Trends and fads in a population don’t usually arise spontaneously from within it. It is usually normative that powerful and dominant social currents work to impose opinions and outlooks onto the wider public in the effort to stay in control. This relentless effort often succeeds if not always at the pace the dominant currents would wish for.
One could say as Russell did in his condemnation of Christianity that this explains how the church evolved from the conversion of Constantine in 312 AD to become a tool for imposing an ideology exploiting fear to exercise control over subject peoples throughout subsequent history.
Processes of humankind’s overcoming such controls have taken centuries to succeed, in the modern era arising from the invention of printing press to the Renaissance in Italy, the Reformation in Germany, and the Enlightenment that spread all over Europe and led to the American revolution and the codification in law, namely in the U.S. Constitution, of protected “inalienable human rights” further advanced by the adoption of the Universal Declaration of Human Rights following the formation of the United Nations in 1947.
Sadly, this advancement has occurred in the contexts of great world wars and systematic genocides, indeed often done in the name of religion on multiple sides that could be said in general were due to efforts to prevent progress.
So it comes in the recent 60 years that we have an effort to recast Christianity as a political weapon which has been assigned the label of “Christian nationalism,” and this has been a huge factor in the current descent toward darkness.
From the standpoint of the constructive elements of Christianity, those such as found in the Sermon on the Mount and the parables of the New Testament that it shares with other great world religions, this “Christian nationalism” is pure heresy, to apply an historic term of reference.
The faith is not about adherence to or condemnation of individual practices or behaviors. It is about responding from a universal standpoint to the sufferings and travails of being human beings in this cosmos, to find purpose and meaning in alleviating these conditions, with the binding element for doing this being love.

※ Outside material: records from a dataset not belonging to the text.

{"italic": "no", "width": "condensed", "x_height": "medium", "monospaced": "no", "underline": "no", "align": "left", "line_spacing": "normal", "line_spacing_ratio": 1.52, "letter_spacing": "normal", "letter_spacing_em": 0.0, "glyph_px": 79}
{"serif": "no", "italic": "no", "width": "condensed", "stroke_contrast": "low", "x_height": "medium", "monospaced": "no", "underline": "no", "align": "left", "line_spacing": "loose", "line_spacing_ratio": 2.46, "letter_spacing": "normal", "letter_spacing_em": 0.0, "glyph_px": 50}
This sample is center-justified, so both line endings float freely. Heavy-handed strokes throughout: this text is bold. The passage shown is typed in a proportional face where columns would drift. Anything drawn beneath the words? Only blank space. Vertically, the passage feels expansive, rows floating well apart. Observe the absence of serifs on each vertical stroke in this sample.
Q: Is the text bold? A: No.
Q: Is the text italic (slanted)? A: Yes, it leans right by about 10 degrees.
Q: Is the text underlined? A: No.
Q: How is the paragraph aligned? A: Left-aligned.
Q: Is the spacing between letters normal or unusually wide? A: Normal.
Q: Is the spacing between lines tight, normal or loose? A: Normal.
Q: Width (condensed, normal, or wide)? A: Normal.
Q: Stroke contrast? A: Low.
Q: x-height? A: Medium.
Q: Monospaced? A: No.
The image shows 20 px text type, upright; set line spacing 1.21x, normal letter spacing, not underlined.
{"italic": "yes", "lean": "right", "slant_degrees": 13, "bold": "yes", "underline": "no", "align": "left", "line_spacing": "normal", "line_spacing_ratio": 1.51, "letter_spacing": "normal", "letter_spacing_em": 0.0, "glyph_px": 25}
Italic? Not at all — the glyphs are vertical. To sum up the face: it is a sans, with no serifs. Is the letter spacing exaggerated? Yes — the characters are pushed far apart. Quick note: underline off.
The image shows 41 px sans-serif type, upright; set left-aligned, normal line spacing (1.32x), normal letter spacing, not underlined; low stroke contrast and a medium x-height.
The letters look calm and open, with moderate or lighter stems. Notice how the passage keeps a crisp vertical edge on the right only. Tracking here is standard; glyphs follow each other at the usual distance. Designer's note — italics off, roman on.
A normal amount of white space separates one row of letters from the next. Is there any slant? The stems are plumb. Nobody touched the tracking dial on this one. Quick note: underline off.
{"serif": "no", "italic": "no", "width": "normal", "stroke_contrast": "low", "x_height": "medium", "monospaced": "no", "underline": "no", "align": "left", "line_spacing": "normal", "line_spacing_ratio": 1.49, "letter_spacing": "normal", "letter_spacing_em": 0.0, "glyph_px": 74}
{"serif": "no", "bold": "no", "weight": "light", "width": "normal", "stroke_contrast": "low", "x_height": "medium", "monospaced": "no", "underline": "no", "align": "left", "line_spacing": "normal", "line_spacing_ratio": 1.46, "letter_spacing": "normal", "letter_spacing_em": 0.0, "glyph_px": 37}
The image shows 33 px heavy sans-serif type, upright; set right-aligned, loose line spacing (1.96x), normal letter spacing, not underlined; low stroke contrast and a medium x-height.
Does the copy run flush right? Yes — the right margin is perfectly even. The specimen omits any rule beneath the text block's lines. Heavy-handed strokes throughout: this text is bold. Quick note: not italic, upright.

In college, I took a year-long sequence of courses in world philosophies, in the first semester, and then religions. It led to a lot of deep anxieties about my role in life, and I found positive values in almost all the systems I was exposed to.
For the final exam, students were tasked with writing an essay on the spot on which religious or philosophical system we preferred and why. I was not raised in any faith, but sitting there, I made a choice that surprised me. I chose Christianity not as against any other belief system, but it embeds in its stories, particularly of the nativity, one overriding proclamation, from star to stable, that the universe is governed in its totality and in its particularities by that which draws us out of our selves and, with empathy, towards caring for others, love.
I wrote furiously. It has been a defining moment of my life.